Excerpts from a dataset
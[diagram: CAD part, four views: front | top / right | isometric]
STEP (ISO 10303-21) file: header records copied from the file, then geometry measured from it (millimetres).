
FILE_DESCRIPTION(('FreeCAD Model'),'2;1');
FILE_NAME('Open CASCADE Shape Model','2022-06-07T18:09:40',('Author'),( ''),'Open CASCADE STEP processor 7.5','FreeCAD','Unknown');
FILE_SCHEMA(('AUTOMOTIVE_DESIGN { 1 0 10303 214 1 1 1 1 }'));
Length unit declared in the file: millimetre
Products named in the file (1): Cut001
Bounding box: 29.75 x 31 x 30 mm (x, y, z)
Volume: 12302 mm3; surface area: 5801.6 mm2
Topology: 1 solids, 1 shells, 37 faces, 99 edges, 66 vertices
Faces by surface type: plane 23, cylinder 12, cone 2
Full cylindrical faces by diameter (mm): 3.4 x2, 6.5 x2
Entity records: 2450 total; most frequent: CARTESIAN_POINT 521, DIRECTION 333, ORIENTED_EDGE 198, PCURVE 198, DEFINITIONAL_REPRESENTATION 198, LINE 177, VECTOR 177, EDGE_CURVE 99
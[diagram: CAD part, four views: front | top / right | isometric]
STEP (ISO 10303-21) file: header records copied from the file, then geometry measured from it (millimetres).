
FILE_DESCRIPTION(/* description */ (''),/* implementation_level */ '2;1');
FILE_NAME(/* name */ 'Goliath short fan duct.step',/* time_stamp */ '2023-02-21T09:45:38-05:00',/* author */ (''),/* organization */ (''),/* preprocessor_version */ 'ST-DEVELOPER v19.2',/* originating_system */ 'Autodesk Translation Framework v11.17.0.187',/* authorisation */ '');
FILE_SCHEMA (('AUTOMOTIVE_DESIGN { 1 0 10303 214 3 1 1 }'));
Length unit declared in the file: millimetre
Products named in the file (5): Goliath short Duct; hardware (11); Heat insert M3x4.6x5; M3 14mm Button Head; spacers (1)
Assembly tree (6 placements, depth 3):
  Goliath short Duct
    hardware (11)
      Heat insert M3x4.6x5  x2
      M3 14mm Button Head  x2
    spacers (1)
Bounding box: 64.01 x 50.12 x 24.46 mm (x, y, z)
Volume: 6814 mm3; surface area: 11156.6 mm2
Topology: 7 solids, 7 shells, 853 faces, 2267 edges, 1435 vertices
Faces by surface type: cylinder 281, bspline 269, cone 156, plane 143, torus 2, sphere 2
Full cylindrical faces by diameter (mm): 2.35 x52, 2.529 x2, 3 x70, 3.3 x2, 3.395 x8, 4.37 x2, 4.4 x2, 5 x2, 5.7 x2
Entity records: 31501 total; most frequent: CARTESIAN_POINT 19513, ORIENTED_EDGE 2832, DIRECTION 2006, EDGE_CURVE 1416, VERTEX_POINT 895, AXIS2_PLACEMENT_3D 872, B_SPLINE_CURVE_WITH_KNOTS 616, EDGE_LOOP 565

▸ WORK ITEM:
Looking through the records, copy out every line in which the word "cylindrical" is found.

▸ ANSWER BOX:
Full cylindrical faces by diameter (mm): 3.4 x2, 6.5 x2
Full cylindrical faces by diameter (mm): 2.35 x52, 2.529 x2, 3 x70, 3.3 x2, 3.395 x8, 4.37 x2, 4.4 x2, 5 x2, 5.7 x2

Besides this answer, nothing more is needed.